我想为自定义列表实现Applicative的实例。
import Test.QuickCheck
import Test.QuickCheck.Checkers
import Test.QuickCheck.Classes
data List a =
Nil
| Cons a (List a)
deriving (Eq, Show)
instance Eq a => EqProp (List a) where (=-=) = eq
instance Functor List where
fmap _ Nil = Nil
fmap f (Cons a Nil) = (Cons (f a) Nil)
fmap f (Cons a as) = (Cons (f a) (fmap f as))
main = do
let trigger = undefined :: List (Int, String, Int)
quickBatch $ applicative trigger
instance Arbitrary a => Arbitrary (List a) where
arbitrary = sized go
where go 0 = pure Nil
go n = do
xs <- go (n - 1)
x <- arbitrary
return (Cons x xs)
instance Applicative List where
pure x = (Cons x Nil)
Nil <*> _ = Nil
_ <*> Nil = Nil
(Cons f fs) <*> (Cons a as) = (Cons (f a) (fs <*> as))
这会产生以下错误:
λ> main
applicative:
identity: *** Failed! Falsifiable (after 3 tests):
Cons 0 (Cons (-1) Nil)
composition: *** Failed! Falsifiable (after 3 tests):
Cons <function> (Cons <function> Nil)
Cons <function> (Cons <function> Nil)
Cons 1 (Cons (-2) Nil)
homomorphism: +++ OK, passed 500 tests.
interchange: +++ OK, passed 500 tests.
functor: *** Failed! Falsifiable (after 3 tests):
<function>
Cons (-2) (Cons (-1) Nil)
首先是id法失败:
λ> Cons id Nil <*> Cons 0 (Cons (-1) Nil)
Cons 0 Nil
我该如何解决这个问题? pure需要a而不是List a所以我看不到如何在List上匹配并保留嵌套列表结构。
构成法也失败了,这并不奇怪:
λ> (Cons "b" Nil) <*> (Cons "c" Nil)
<interactive>:295:7:
Couldn't match expected type ‘[Char] -> b’
with actual type ‘[Char]’
Relevant bindings include
it :: List b (bound at <interactive>:295:1)
In the first argument of ‘Cons’, namely ‘"b"’
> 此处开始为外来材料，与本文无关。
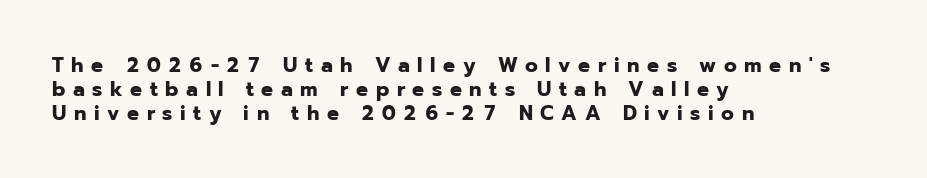
The image shows 21 px bold type, upright; set left-aligned, tight line spacing (1.14x), unusually wide letter spacing (+0.36 em), not underlined.
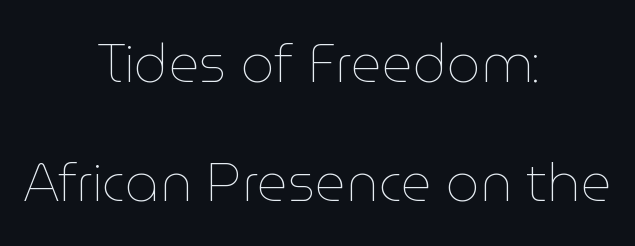
Q: Is the text bold? A: No.
Q: Is the text italic (slanted)? A: No, it is upright.
Q: Is the text underlined? A: No.
Q: How is the paragraph aligned? A: Centered.
Q: Is the spacing between letters normal or unusually wide? A: Normal.
Q: Is the spacing between lines tight, normal or loose? A: Loose.
Q: Width (condensed, normal, or wide)? A: Normal.
Q: Stroke contrast? A: Low.
Q: x-height? A: Medium.
Q: Monospaced? A: No.
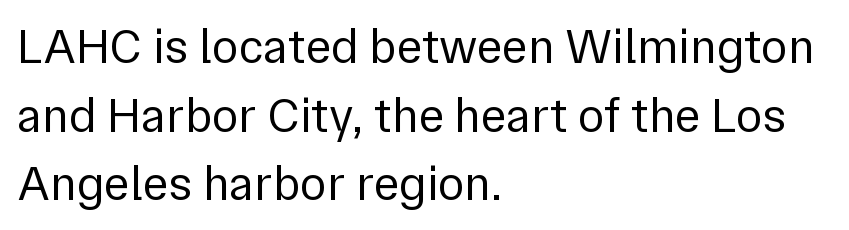
The image shows 49 px regular-weight sans-serif type, upright; set left-aligned, normal line spacing (1.4x), normal letter spacing, not underlined; a medium x-height.
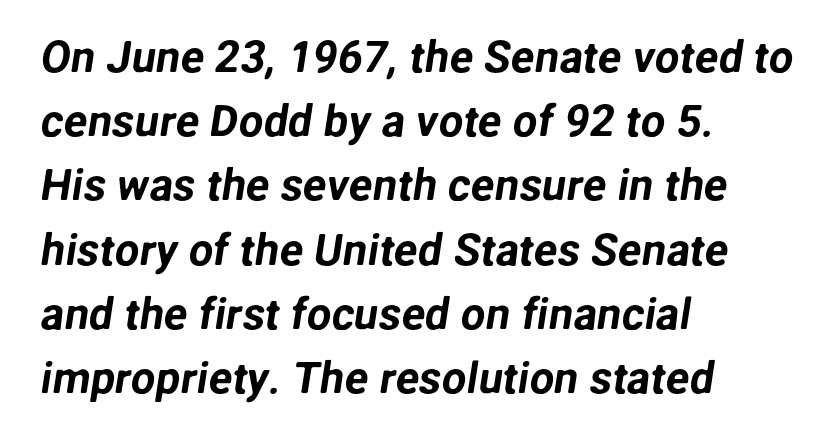
{"serif": "no", "width": "normal", "stroke_contrast": "low", "x_height": "medium", "monospaced": "no", "underline": "no", "align": "left", "line_spacing": "normal", "line_spacing_ratio": 1.46, "letter_spacing": "normal", "letter_spacing_em": 0.0, "glyph_px": 44}
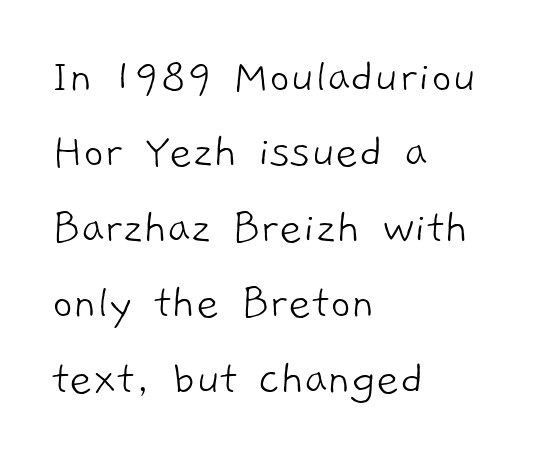
Q: Is the text bold? A: No.
Q: Is the typeface a serif or a sans-serif typeface? A: Sans-serif.
Q: Is the text underlined? A: No.
Q: How is the paragraph aligned? A: Left-aligned.
Q: Is the spacing between letters normal or unusually wide? A: Normal.
Q: Is the spacing between lines tight, normal or loose? A: Normal.
Q: Width (condensed, normal, or wide)? A: Normal.
Q: Stroke contrast? A: Low.
Q: x-height? A: Medium.
Q: Monospaced? A: No.
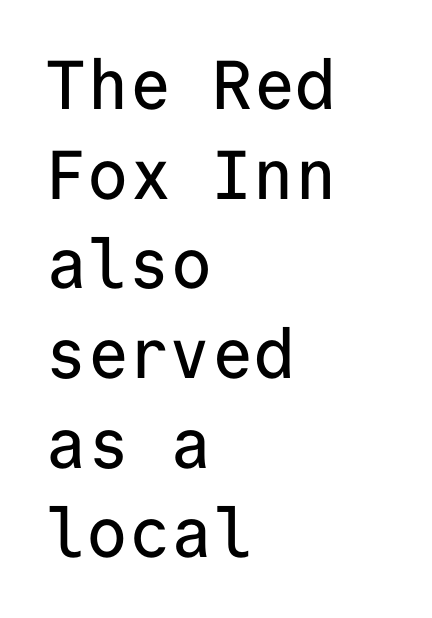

In the first argument of ‘(<*>)’, namely ‘(Cons "b" Nil)’
In the expression: (Cons "b" Nil) <*> (Cons "c" Nil)
编辑:因为我在实施拉链列表的应用方面得到了很好的答案,所以我将问题改为拉链列表。
答案 0 :(得分:7)
对于您的ZipList式方法,我们希望保留以下左侧身份:
pure id <*> someList = someList
为此,pure无法返回单个元素列表,因为这将立即停止:
(Cons id Nil) <*> Cons 1 (Cons 2 Nil)
= Cons (id 1) (Nil <*> Cons 2 Nil)
= Cons 1 Nil
这不是左侧身份的预期结果。如果pure不能只返回单个元素列表,那么它应返回多少个?答案是:无限:
repeatList :: a -> List a
repeatList x = let c = Cons x c in c
为什么我称之为ZipList方法?因为它与Control.Applicative.ZipList中的行为相同,可以通过zipWith来激励:
zipWithList :: (a -> b -> c) -> List a -> List b -> List c
zipWithList f (Cons x xs) (Cons y ys) = Cons (f x y) (zipWithList f xs ys)
zipWithList _ _ _ = Nil
现在你的实例是
instance Applicative List where
pure = repeatList
(<*>) = zipWithList ($)
但是,checkers无法检查此实例是由于您的EqProb实例,因为pure f <*> pure x == pure (f x)(同态)导致检查无限列表。不过,您可以提供另一种选择。例如,您可以采用任意数量的元素并进行比较:
prop_sameList :: Eq a => (Int, Int) -> List a -> List a -> Property
prop_sameList bounds xs ys = forAll (choose bounds) $ \n ->
takeList n xs `eq` takeList n ys
takeList :: Int -> List a -> List a
takeList _ Nil = Nil
takeList n (Cons x xs)
| n <= 0 = Nil
| otherwise = Cons x (takeList (n - 1) xs)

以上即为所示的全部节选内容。